Every week the Editor-in-Chief selects the Article of the Week from the current issue of BJUI. The abstract is reproduced below and you can click on the button to read the full article, which is freely available to all readers for at least 30 days from the time of this post.

This week, we feature two Articles of the Week.

In addition to the article itself, there is an accompanying editorial written by a prominent member of the urological community. This blog is intended to provoke comment and discussion and we invite you to use the comment tools at the bottom of each post to join the conversation.

The final post under the Article of the Week heading on the homepage will consist of additional material or media. This week we feature a video by Dr. de Castro Abreu and colleagues.

Accuracy of post-radiotherapy biopsy before salvage radical prostatectomy

Joshua J. Meeks, Marc Walker*, Melanie Bernstein, Matthew Kent and James A. Eastham

Urology Service, Department of Surgery and Department of Biostatistics and Epidemiology, Memorial Sloan-Kettering Cancer Center, New York, NY, and *Department of Surgery, Urology Service, Tripler Army Medical Center, Honolulu, HI, USA

Supported by the Sidney Kimmel Center for Prostate and Urologic Cancers.

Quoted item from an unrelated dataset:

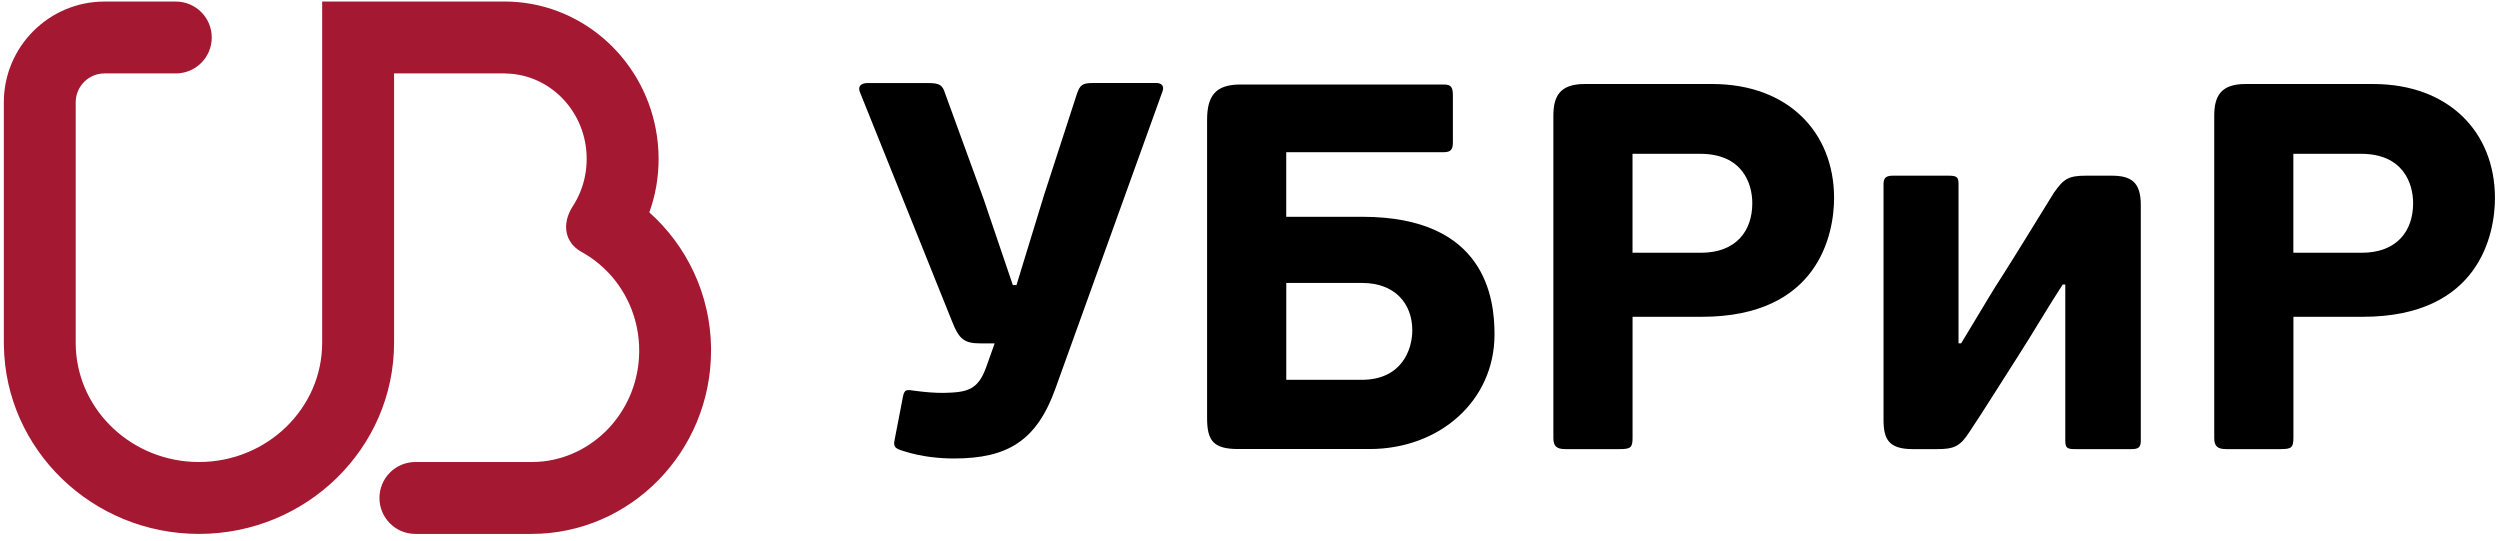 <?xml version="1.0" encoding="UTF-8"?> <svg xmlns="http://www.w3.org/2000/svg" width="217" height="47" viewBox="0 0 217 47" fill="none"><path d="M61.721 30.241C61.67 25.54 59.597 21.321 56.361 18.435C56.887 16.987 57.167 15.418 57.167 13.782C57.167 12.911 57.081 12.053 56.925 11.224C55.751 4.919 50.307 0.132 43.786 0.132H27.964V29.756C27.964 35.458 23.168 40.102 17.271 40.102C17.089 40.102 16.898 40.095 16.713 40.089C11.075 39.812 6.571 35.28 6.571 29.759V8.877C6.571 7.496 7.694 6.373 9.068 6.373H15.262C16.984 6.373 18.381 4.98 18.381 3.254C18.381 1.532 16.984 0.135 15.262 0.135H9.072C4.253 0.135 0.333 4.055 0.333 8.877V11.677H0.337L0.333 11.68V29.759C0.333 29.836 0.337 29.916 0.337 29.989C0.467 39.027 8.01 46.343 17.271 46.343C26.609 46.343 34.205 38.903 34.205 29.759V6.37H43.786C43.849 6.37 43.91 6.373 43.967 6.383C47.82 6.482 50.923 9.763 50.923 13.782C50.923 14.282 50.875 14.77 50.786 15.242C50.601 16.225 50.218 17.137 49.695 17.937C48.761 19.407 48.997 21.024 50.435 21.844C51.35 22.341 52.183 22.992 52.894 23.761C54.498 25.499 55.483 27.849 55.483 30.436C55.483 35.407 51.832 39.515 47.16 40.048C46.825 40.083 46.484 40.102 46.136 40.102H36.052C34.333 40.102 32.936 41.502 32.936 43.224C32.936 44.949 34.333 46.343 36.052 46.343H46.136C54.724 46.343 61.718 39.203 61.718 30.436C61.725 30.369 61.721 30.305 61.721 30.241Z" fill="#A51831"></path><path d="M100.349 7.202C100.891 7.202 101.073 7.518 100.891 7.971L91.623 33.691C89.997 38.258 87.464 39.796 82.808 39.796C81.587 39.796 80.005 39.658 78.468 39.164C77.699 38.938 77.517 38.804 77.654 38.169L78.379 34.419C78.512 33.739 78.739 33.832 79.418 33.921C80.413 34.055 81.137 34.103 81.906 34.103C83.94 34.058 84.888 33.877 85.612 31.842L86.335 29.807H85.159C83.711 29.807 83.261 29.491 82.626 27.865L74.669 8.067C74.398 7.48 74.759 7.209 75.301 7.209H80.544C81.584 7.209 81.81 7.391 82.036 8.111L85.382 17.287L87.914 24.746H88.23L90.625 16.926L93.473 8.156C93.744 7.387 93.926 7.206 94.873 7.206H100.349V7.202Z" fill="black"></path><path d="M104.775 36.269V10.411C104.775 8.331 105.499 7.336 107.668 7.336H125.297C125.977 7.336 126.111 7.563 126.111 8.331V12.353C126.111 12.988 125.929 13.211 125.297 13.211H111.645V18.817H118.243C129 18.817 129.724 25.958 129.724 29.032C129.724 34.773 124.978 38.976 118.874 38.976H107.489C105.273 38.979 104.775 38.211 104.775 36.269ZM118.246 24.561H111.648V32.968H118.201C121.636 32.968 122.587 30.391 122.587 28.672C122.587 26.325 121.049 24.561 118.246 24.561Z" fill="black"></path><path d="M141.706 38.032C141.706 38.845 141.524 38.982 140.621 38.982H135.873C135.149 38.982 134.833 38.756 134.833 38.032V10.05C134.833 8.379 135.375 7.292 137.544 7.292H148.62C155.173 7.292 159.198 11.45 159.198 17.191C159.198 20.265 157.887 27.498 147.717 27.498H141.706V38.032ZM147.58 13.351H141.702V21.94H147.625C150.699 21.94 152.099 20.042 152.099 17.644C152.102 15.928 151.244 13.351 147.58 13.351Z" fill="black"></path><path d="M163.491 15.973C163.491 15.431 163.717 15.249 164.304 15.249H169.142C169.866 15.249 170 15.386 170 15.973V29.804H170.226C172.577 25.916 172.985 25.193 173.753 24.019C174.882 22.255 176.286 19.95 178.272 16.741C179.13 15.52 179.539 15.249 181.076 15.249H183.289C184.96 15.249 185.821 15.791 185.821 17.781V38.259C185.821 38.845 185.595 38.983 185.008 38.983H180.125C179.446 38.983 179.267 38.893 179.267 38.259V24.698H179.041C177.686 26.778 176.464 28.902 175.153 30.936C173.753 33.105 172.395 35.321 170.95 37.49C170.137 38.756 169.595 38.983 168.147 38.983H166.023C163.944 38.983 163.491 38.125 163.491 36.45V15.973Z" fill="black"></path><path d="M199.066 38.032C199.066 38.845 198.884 38.982 197.981 38.982H193.236C192.512 38.982 192.196 38.756 192.196 38.032V10.05C192.196 8.379 192.738 7.292 194.907 7.292H205.983C212.537 7.292 216.562 11.45 216.562 17.191C216.562 20.265 215.251 27.498 205.081 27.498H199.069V38.032H199.066ZM204.94 13.351H199.063V21.94H204.985C208.059 21.94 209.459 20.042 209.459 17.644C209.462 15.928 208.601 13.351 204.94 13.351Z" fill="black"></path></svg>

• To determine whether post-radiotherapy (RT) biopsy (PRB) adequately predicts the presence, location, and histological features of cancer in the salvage radical prostatectomy (SRP) specimen. Before salvage treatment, a PRB is required to confirm the presence of locally recurrent or persistent cancer and to determine the extent and location of the prostate cancer.


• SRP was performed between 1998 and 2011 on 198 patients.

• All patients underwent a PRB. PRB and SRP specimens were evaluated by a genitourinary pathologist. Patients had external-beam RT alone (EBRT; 71%) or brachytherapy with or without EBRT (29%).


• Of the men undergoing SRP, 26 (14%) were clinical stage ≥T3, with 13% of PRBs with Gleason score ≥8.

• Cancer was unilateral in 120 (61%) biopsies, with contralateral or bilateral prostate cancer at SRP in 49%. In the SRP specimen, cancer was multifocal in 57%.

• Cancer was upgraded at SRP in 58% of men, with 20% having an increase in primary Gleason grade.

• The accuracy of PRB varied by region from 62% to 76%, with undetected cancers ranging from 12% to 26% and most likely to occur at the mid-gland.


• Radiation-recurrent prostate cancers were often multifocal, and biopsy missed up to 20% of tumours.

• More than half of the cancers were upgraded at SRP, and many that were unilateral on PRB were bilateral at SRP.